Mic, Line and Instrument Level – What’s the Difference?
When sound hits the diaphragm of a microphone very low voltage signals are produced. On a dynamic microphone these signals are typically around 1.5 millivolts. For a more sensitive microphone the voltage would be more like 70 millivolts.
These signals are weak and can be affected by electrical interference quite easily. If you plug a mic directly into an active speaker for example, you probably won’t get any sound. As this signal is so weak a pre-amp is required to boost the signal to line level. The outputs of the pre-amp can then be connected to the inputs of a mixing desk or audio interface for example.
Microphone impedance affects the efficiency of how the signal is transferred to the input of the pre-amp. Mic level is -56 to -40 dbm. High quality microphones have low impedances and are best suited to low impedance inputs. Low impedance means the current is stronger therefore giving a better signal to noise ratio. Consumer microphones are often high impedance (Hi-Z) and should be connected to high impedance inputs. High impedance signals are more prone to interference and noise.
Some modern condenser mics have quite a high output. When using them with a loud sound source such as drums or vocals with phantom power (+48v) enabled, they can be plugged directly into a compressor or mixing desk without the need for a pre-amp.

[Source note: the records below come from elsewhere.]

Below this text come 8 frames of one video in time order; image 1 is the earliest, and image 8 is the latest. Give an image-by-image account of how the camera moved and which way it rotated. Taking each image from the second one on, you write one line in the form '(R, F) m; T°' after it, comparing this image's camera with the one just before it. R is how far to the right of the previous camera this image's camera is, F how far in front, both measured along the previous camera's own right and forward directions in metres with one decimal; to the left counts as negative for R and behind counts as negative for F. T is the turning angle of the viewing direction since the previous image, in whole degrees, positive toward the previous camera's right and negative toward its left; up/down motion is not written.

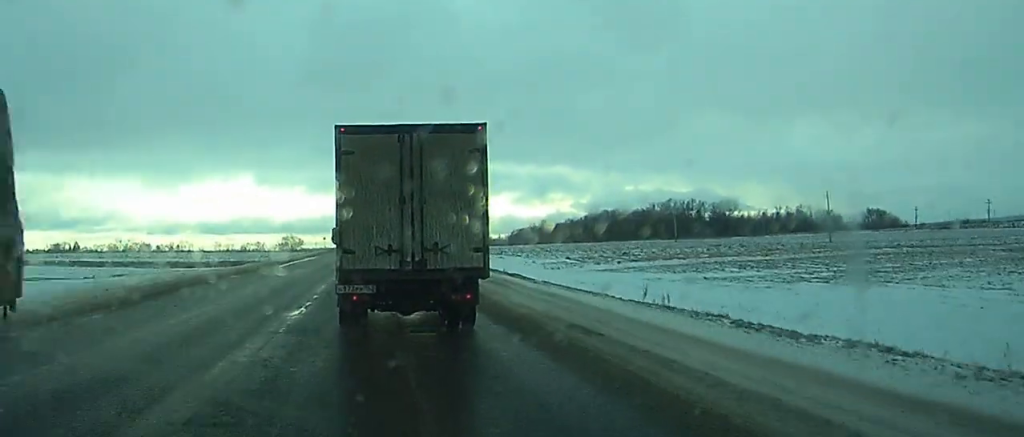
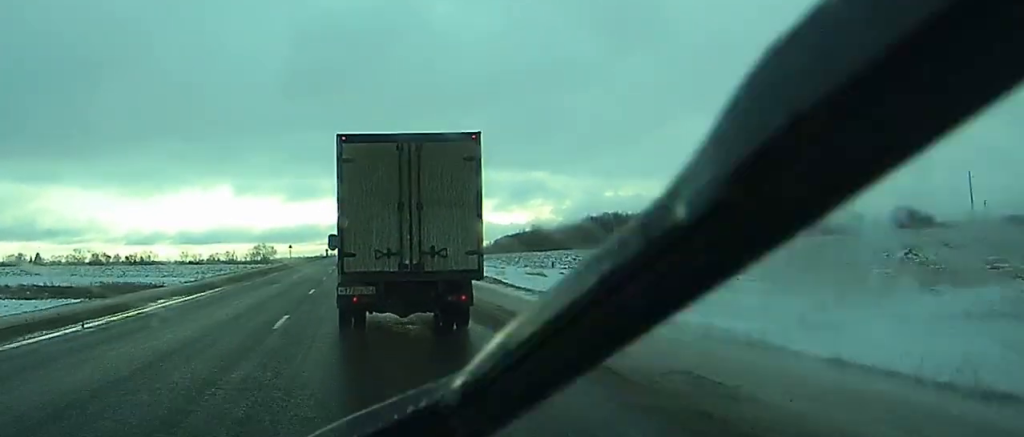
(-0.3, +47.1) m; 0°
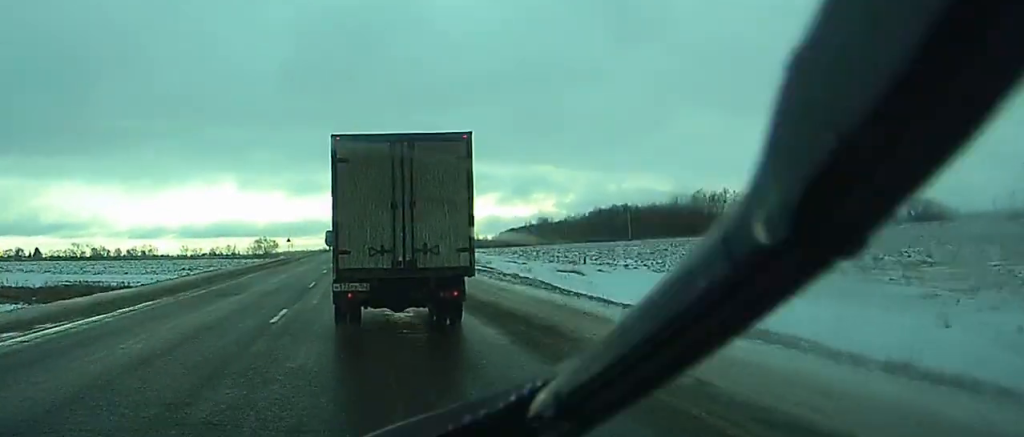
(+0.1, +11.3) m; 0°
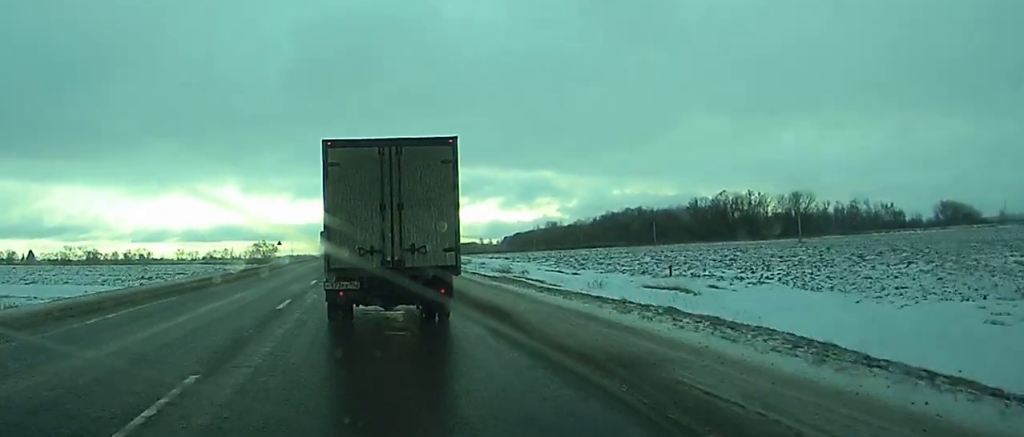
(+0.1, +20.8) m; 0°
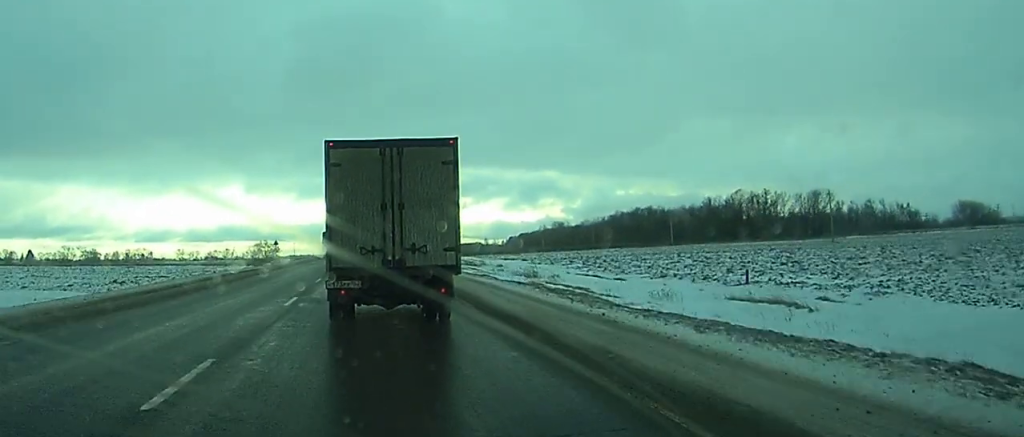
(0.0, +10.8) m; 0°
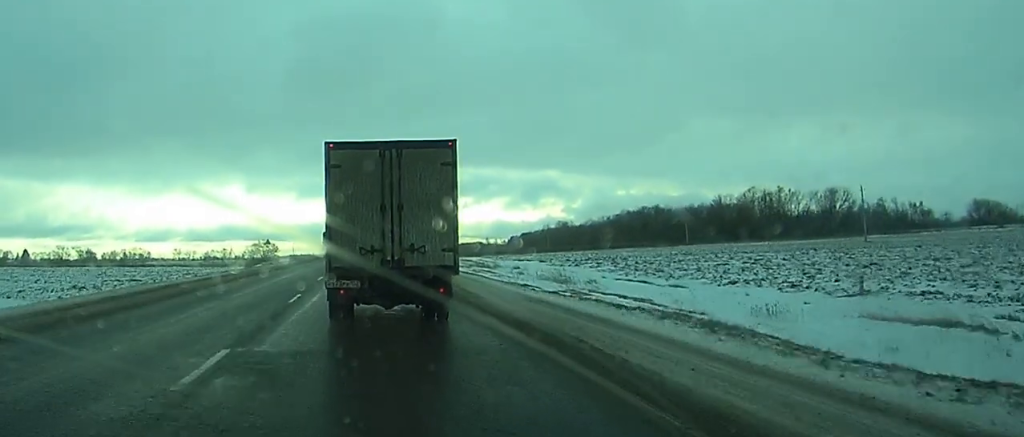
(0.0, +10.8) m; 0°
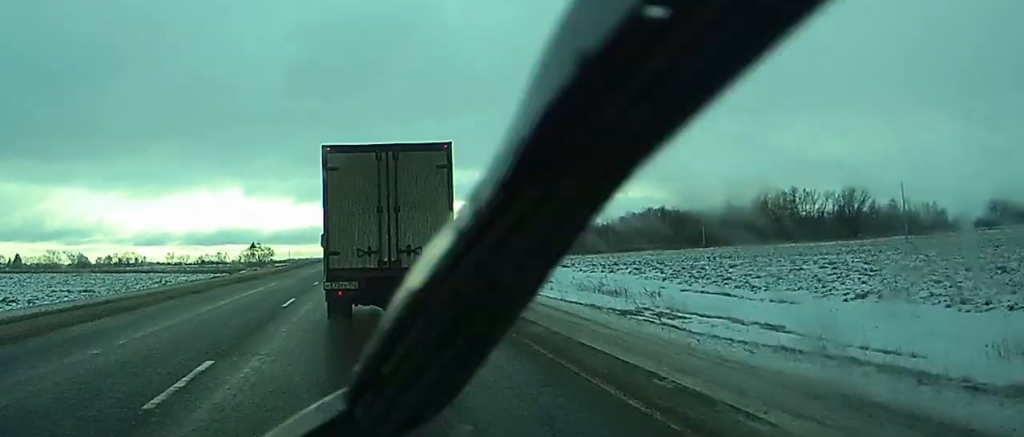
(0.0, +12.7) m; 0°
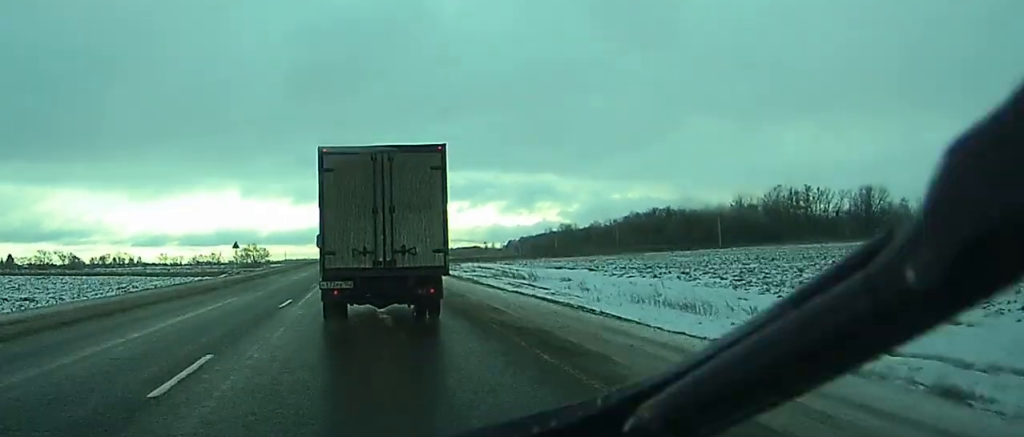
(0.0, +11.4) m; 0°

Line level signals have a much higher voltage output than mic or instrument level, usually somewhere around 750 millivolts. As this signal is stronger it can be carried over a longer distance. 750 millivolts is the industry standard and allows for the interconnection of different devices from different manufacturers.
There are two types of line level:
- consumer line level is at -10dBV
- professional line level is at +4dBu (or dBm)
RCA (phono) connectors are usually -10dBV. XLR connectors are usually +4dBu (Mic Level). TRS quarter inch jack plugs can be either -10dBV or +4dBu
Although keyboards and guitars do not output at the same level they are usally somewhere between mic and line level. To take the signal of an instrument to line level an active DI (Direct Injection or Direct Input) Box is required. To take the signal of an instrument to mic level an active or passive DI Box can be used.
DI (Direct Injection or Direct Input) Box
Active DI Boxes use electrical circuits to convert the signal and require a power source to run which is usually a 9v pp3 battery or power adapter. Some, such as the DBX D12 (pictured below) can run off phantom power, allow the polarity to be reversed to combat phase issues and have a ground or earth lift switch which allows the user to disconnect the ground cable in a microphone or balanced instrument lead to remove humming and buzzing caused by ground loops. Connecting a DI Box is pretty straight forward. Plug your instrument or microphone cable into the input and connect a balanced mic lead from the output to your mixing desk.
Passive DI Boxes use a transformer to convert the signal. They do not require a power source and are usually cheaper than active DI Boxes. Most passive DI Boxes will suffer some loss of high frequencies however this is usually outside of the usual range of operation in all but he cheapest models. A high quality Passive DI Box is a safer bet for live shows as there is no danger of the battery running out during a performance.